# Assigned task
All lines below between the line with "To sum up the" and the line with "The image shows 22", including both, must be copied exactly, and the pictures must be omitted.

# Data shown
————————
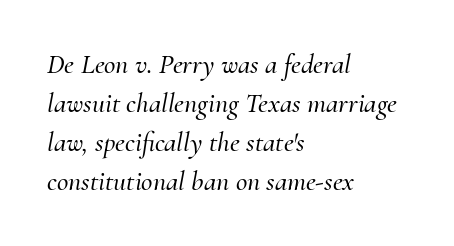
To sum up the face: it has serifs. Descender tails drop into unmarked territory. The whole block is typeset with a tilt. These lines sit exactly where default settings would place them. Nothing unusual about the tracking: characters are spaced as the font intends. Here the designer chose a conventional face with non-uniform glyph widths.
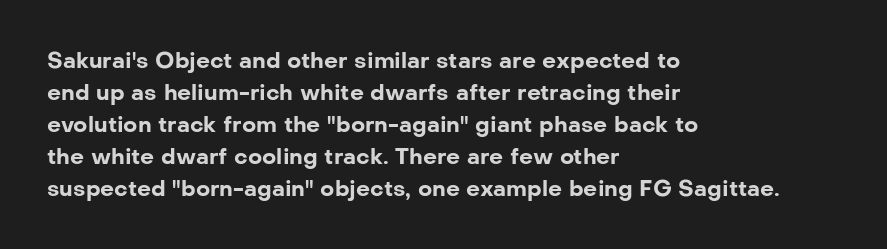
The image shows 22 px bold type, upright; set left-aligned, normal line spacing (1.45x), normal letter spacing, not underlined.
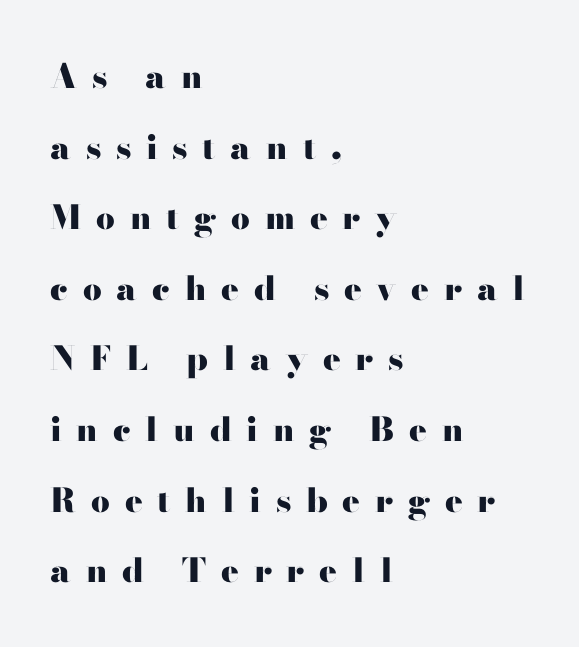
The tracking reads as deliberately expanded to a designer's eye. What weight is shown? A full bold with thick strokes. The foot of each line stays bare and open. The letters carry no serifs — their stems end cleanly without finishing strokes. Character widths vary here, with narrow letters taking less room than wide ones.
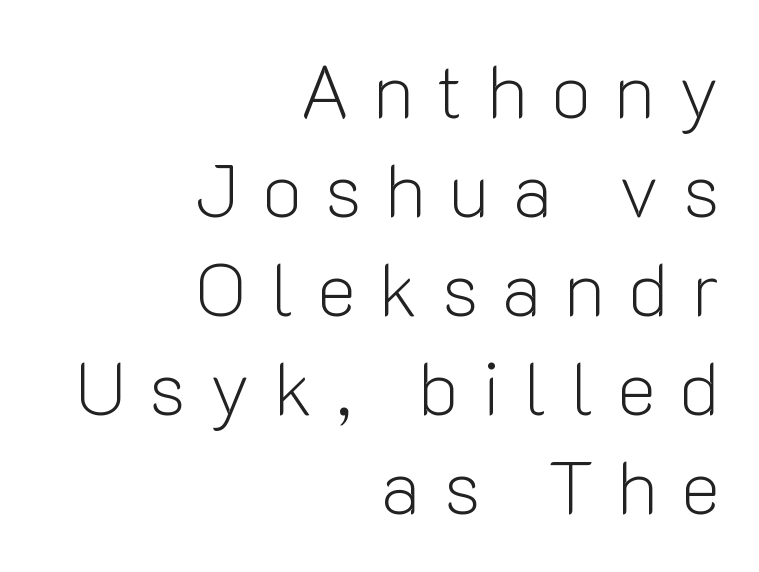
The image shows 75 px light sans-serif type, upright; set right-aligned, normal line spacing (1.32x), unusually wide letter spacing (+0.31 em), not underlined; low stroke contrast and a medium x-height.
————————
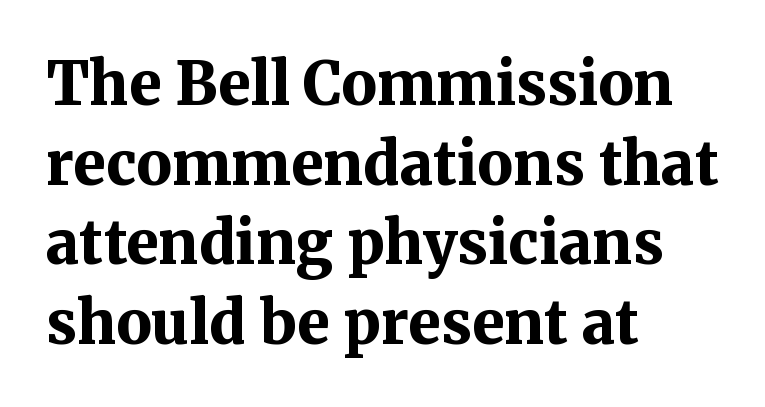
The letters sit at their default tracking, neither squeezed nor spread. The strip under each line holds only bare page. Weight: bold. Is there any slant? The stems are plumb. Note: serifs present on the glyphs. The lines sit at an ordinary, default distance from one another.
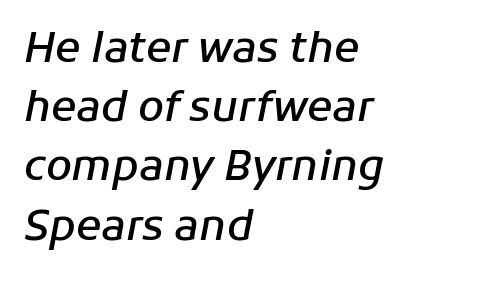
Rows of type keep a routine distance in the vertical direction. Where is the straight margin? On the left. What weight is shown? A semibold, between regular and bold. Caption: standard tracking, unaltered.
————————
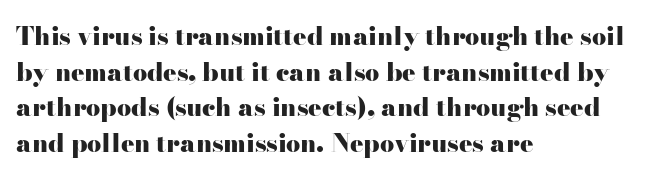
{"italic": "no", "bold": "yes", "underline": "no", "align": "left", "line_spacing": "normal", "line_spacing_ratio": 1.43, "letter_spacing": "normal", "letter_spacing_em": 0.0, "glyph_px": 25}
————————
# Answer to the problem
To sum up the face: it has serifs. Descender tails drop into unmarked territory. The whole block is typeset with a tilt. These lines sit exactly where default settings would place them. Nothing unusual about the tracking: characters are spaced as the font intends. Here the designer chose a conventional face with non-uniform glyph widths.
The image shows 22 px bold type, upright; set left-aligned, normal line spacing (1.45x), normal letter spacing, not underlined.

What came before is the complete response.